Due to a knee injury (which i am currently nursing, nothing serious) he had to change up our class alittle. I dont do the normal drills/punch combos like you would see in a typical class. When i have class My Sifu has me come in 30 minutes-45 minutes after the main class has started. He has me stretch and warm up my own way (how the doctors want me to stretch my leg/knee, light cardio type stuff) then i do stance work for 30 seconds per stance (horse, long bo, crane, monkey, 7 Star, twisted) on both sides, then stretch a little more (legs/knees). After that i go right into My forms for Mantis (which is currently Bung Bo, section 2). Before this my Sifu had me doing Long Fist 1 and Long Fist 2. He teaches them to everyone so you learn to switch between stances and learn to pivot/weight exchange and long fist 2 for jumping/movement. After i go through the Forms, then he asks me what i remember from the previous class (his normal class is about 2 hours or so, so at this point they are doing sparing while im working forms so he comes over to me as the other teachers work sparing)

At the end of class (2 or so hours depending on hwo my knee holds up) i work Santi Shi stance work, try and hold it for 5-10 minutes per side. I know its not mantis, but its a great workout so i like to work it daily into my routine.


----------



## Domino (Apr 27, 2011)

Welcome to the forum, 
Be sure to contribute and post with this vast wealth of knowledge.

Reminded me of the film, must watch it again later, Donnie Yen ...... like a duck to water !


----------



## devasta (Apr 27, 2011)

you will b disappointed just like how I was when I tell you that Donnie Yen only learned Wing Chun for 8months to make that movie. 80% of the moves were choreograhed by Sammuel Hung who doesnt do Wing Chun either.
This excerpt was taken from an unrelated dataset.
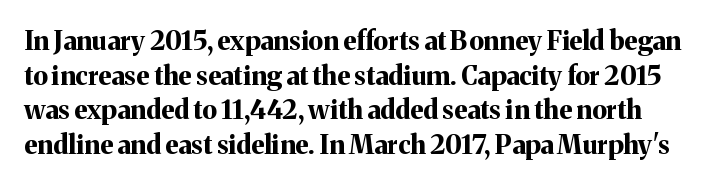
Horizontal bands of white between lines are of average thickness. Compared with typical body copy, the letter spacing here is the same. Type without underlining. Quick note: not italic, upright. The face used here has the dense, thick strokes of a bold.

This movie got me cited up and signed up  wing chun class but what I was told by the school instructer is not "real" wing chun.


----------



## Xue Sheng (Apr 27, 2011)

devasta said:


> you will b disappointed just like how I was when I tell you that Donnie Yen only learned Wing Chun for 8months to make that movie. 80% of the moves were choreograhed by Sammuel Hung who doesnt do Wing Chun either. This movie got me cited up and signed up wing chun class but what I was told by the school instructer is not "real" wing chun.


 
Donnie Yen did not learn Wing Chun prior to the movie hat is true but he has been in CMA his entire life. He is the son of Bo Sim Mak who is also a martial artist.

Here' s more for you, 
Tony Jaa is more of a Gymnast than a Muay Thai guy.
Jackie Chan was trained in the Chinese Opera.
Michelle Yeoh was a Beauty Pagent winner
Chow Yun-fat (Bullet Proof Monk) is an actor

Ip Man was a movie which was VERY loosely based on the life of Ip Man. You want to know what else, Ip Man (the real person) never fought the Japanese like he did in the movie nor was he shot by the Japanese for winning the fight because it never happened. But you know, I still think it was a great movie and that is what it was, a movie, not a historical account of Ip Man any more than the Oliver Stone movie about JFK was


----------



## mograph (Apr 27, 2011)

Personally, I don't watch martial arts movies to learn martial arts or look for authenticity. I watch them for entertaining stories, old-fashioned heroism and some convincing and/or inventive fight sequences. (... and I like the wire-fu to be either over-the-top or unnoticeable.)
Ip Man was entertaining with convincing stage fighting, to my eye at least.


----------



## zepedawingchun (Apr 27, 2011)

Xue Sheng said:


> . . . .Jackie Chan was trained in the Chinese Opera.


 
Jackie Chan was also a stunt man and stand in for Bruce Lee in Enter the Dragon. In the beginning fight scene where Bruce is fighting Samo Hung, when it is finished and Bruce flips over the raised arm bridge, that is really Jackie Chan doing the flip.

Also, on Han's Island, in the tunnels, when Bruce has a flunky's arms pinned behind him and has him by the hair, the camera pans to Bruce's face as he breaks the flunky's neck, that is Jackie Chan who is the flunky.


----------



## WC_lun (Apr 27, 2011)

The Ip Man movies are great and fun movies. The choreography is Wing Chun-esque looking, but it isn't really Wing Chun. Wing Chun isn't well suited for film. It isn't pretty and doesn't last long enough.

It is great you have sparked an interest in Wing Chun. Its always nice to welcome another brother into the fold. However I would caution you with the saying, "A man can only serve one mistress at a time." All those systems you list take many, many years to become well versed in.


----------



## Ruzec (Apr 28, 2011)

The movie Ip Man: The legend is born, seems to have some true facts on Ip Mans life in his younger years. Please correct me if I am wrong.


----------



## yak sao (Apr 28, 2011)

From what I know, which is close to nothing, Yip Man was the last of only 13 dsciples of Chan Wah Shun. I heard that they trained in an old temple that was owned by Yip Man's father. Chan wah Shun died very early in Yip Man's training and his si-hing, Ng Chung So took over his training. Then he went away to Hong Kong to school, where he met Leung Bik.
The movie portrays all that pretty well.
I don't know that he ever had encounters with ninjas........


----------



## Xue Sheng (Apr 28, 2011)

yak sao said:


> I don't know that he ever had encounters with ninjas........


 
Of course he did...if your in Martial Arts long enough.... everyone knows....sooner or later... you will have to fight Ninjas


----------



## yak sao (Apr 28, 2011)

Xue Sheng said:


> Of course he did...if your in Martial Arts long enough.... everyone knows....sooner or later... you will have to fight Ninjas


 
So what you're saying is, (*_Gasp_*) I could have fought ninjas and never even known they were ninjas???!!!


----------



## Xue Sheng (Apr 28, 2011)

yak sao said:


> So what you're saying is, (*_Gasp_*) I could have fought ninjas and never even known they were ninjas???!!!


 
EXACTLY!!!


----------



## Domino (May 5, 2011)

Where does the ninja bit come in? I missed that ...


----------